小保方論文不正問題の核心を外す日本のマスメディア
 
日本のマスメディアは、論文不正が発覚したのちも、小保方問題が内包している2つのポイントを敢えて外して報道しているように思える。2つのポイントとは、
  1. 論文不正というルール違反、科学者倫理の逸脱について、それを批判する姿勢をもつのかもたないのか
  2. 理研という巨大組織の腐敗を批判するのかしないのか
日本のマスメディアが、衆人にとっていかにも明確なこの2つのポイントを敢えて避けようとしているのは、ネットが論文不正に係る報道を先行させた悔しさからだけではない。もう一つは、理研のボスがノーベル賞受賞者であること、いわゆる「ノーベル賞タブー」だ。

小保方・理研批判は安倍「成長戦略」のまやかしの批判
 
日本のマスメディアがこの問題の核心を敢えて外す理由は、彼らの自己正当化や理研のボスに対する忖度だけではない。理研が、安倍政権が進める「成長戦略」と不可分の関係にあることだ。安倍政権の広報部隊である日本のマスメディアは、小保方も理研も本気で批判報道できない。
 
なぜならば、STAP細胞論文が発表された背景には、安倍が掲げた「成長戦略」があるからだ。安倍の「成長戦略」を「実体化」する象徴的分野が再生医療だ。「成長戦略」では再生医療が国を挙げた重点投資の目玉になっている。「STAP細胞」はだれにもわかりやすい再生医療分野だ。第二に、「成長戦略」が掲げる「女性の活用」だ。小保方は「女性の活用」を象徴するまさに「看板娘」というわけだ。第三が理研を予算額が大きい「特定国立研究開発法人」に指定することだ。

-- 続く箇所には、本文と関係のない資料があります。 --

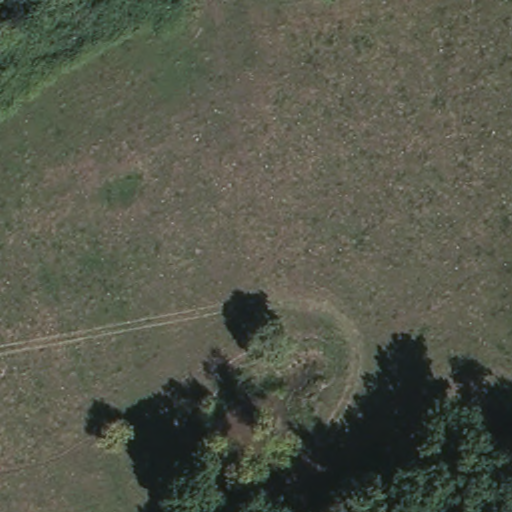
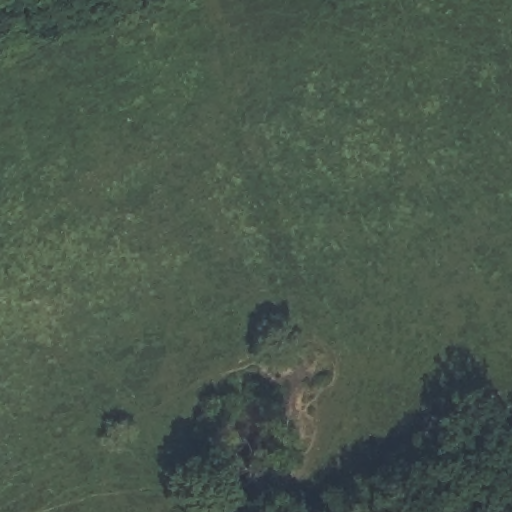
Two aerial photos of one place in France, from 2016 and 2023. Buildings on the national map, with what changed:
[]

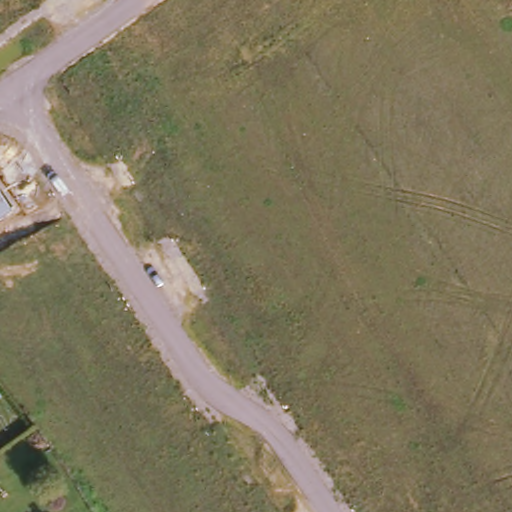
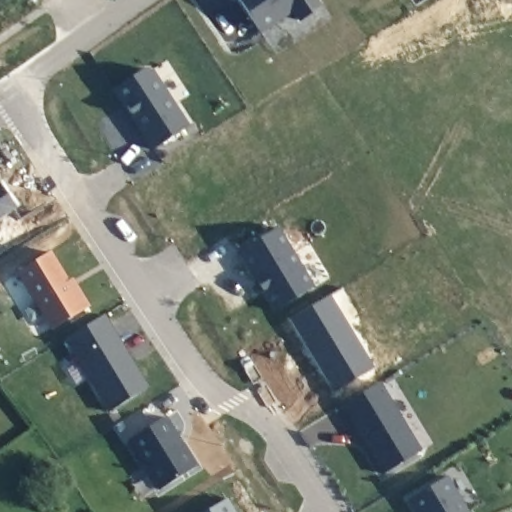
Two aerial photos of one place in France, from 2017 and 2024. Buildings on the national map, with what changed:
new [(322,9),(304,21),(296,11),(264,33),(242,0),(316,0),(322,9)]
new [(113,94),(119,84),(144,70),(152,71),(189,125),(151,150),(113,94)]
unchanged [(0,219),(0,190),(13,210),(0,219)]
new [(239,251),(279,229),(313,287),(272,311),(239,251)]
new [(55,256),(80,297),(83,295),(93,312),(59,333),(25,274),(55,256)]
new [(290,319),(330,296),(373,368),(333,392),(290,319)]
new [(108,321),(152,393),(115,416),(71,343),(108,321)]
new [(338,408),(380,383),(422,451),(382,475),(338,408)]
new [(128,440),(165,418),(196,465),(157,490),(128,440)]
new [(420,512),(415,504),(451,482),(469,512),(420,512)]
new [(234,512),(206,512),(226,499),(234,512)]

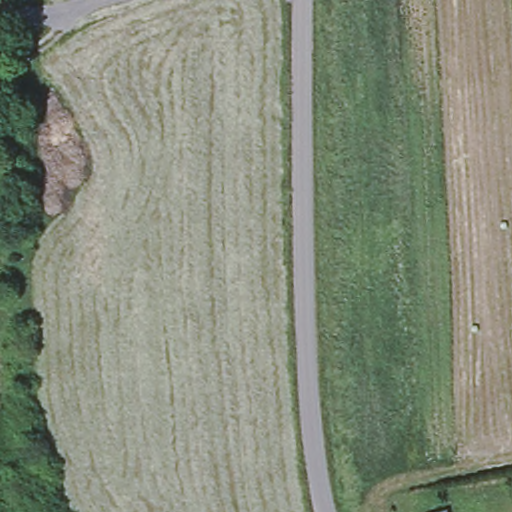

(以上の指摘は、Blog「世に倦む日日」から引用した。)
 
われわれはもはや、ネットに期待するしかない
 
[安倍の「成長戦略」-理研-STAP細胞-小保方晴子]の虚構の構造は、論文不正で一気に瓦解した。安倍の「成長戦略」をシンボライズするはずだった理研及び小保方は、論文不正で挫折すると同時に、その内部腐敗が次々と明るみに晒されてきた。だが、日本のマスメディアはその核心に目をつぶり続ける。日本のマスメディア、TV・新聞の現場は科学に暗く、雑誌が得意なのは下半身報道、そしてそのどちらの幹部も安倍政権の圧力に縛られて手も足も出ない。われわれはもはや、ネットに期待するしかないのである。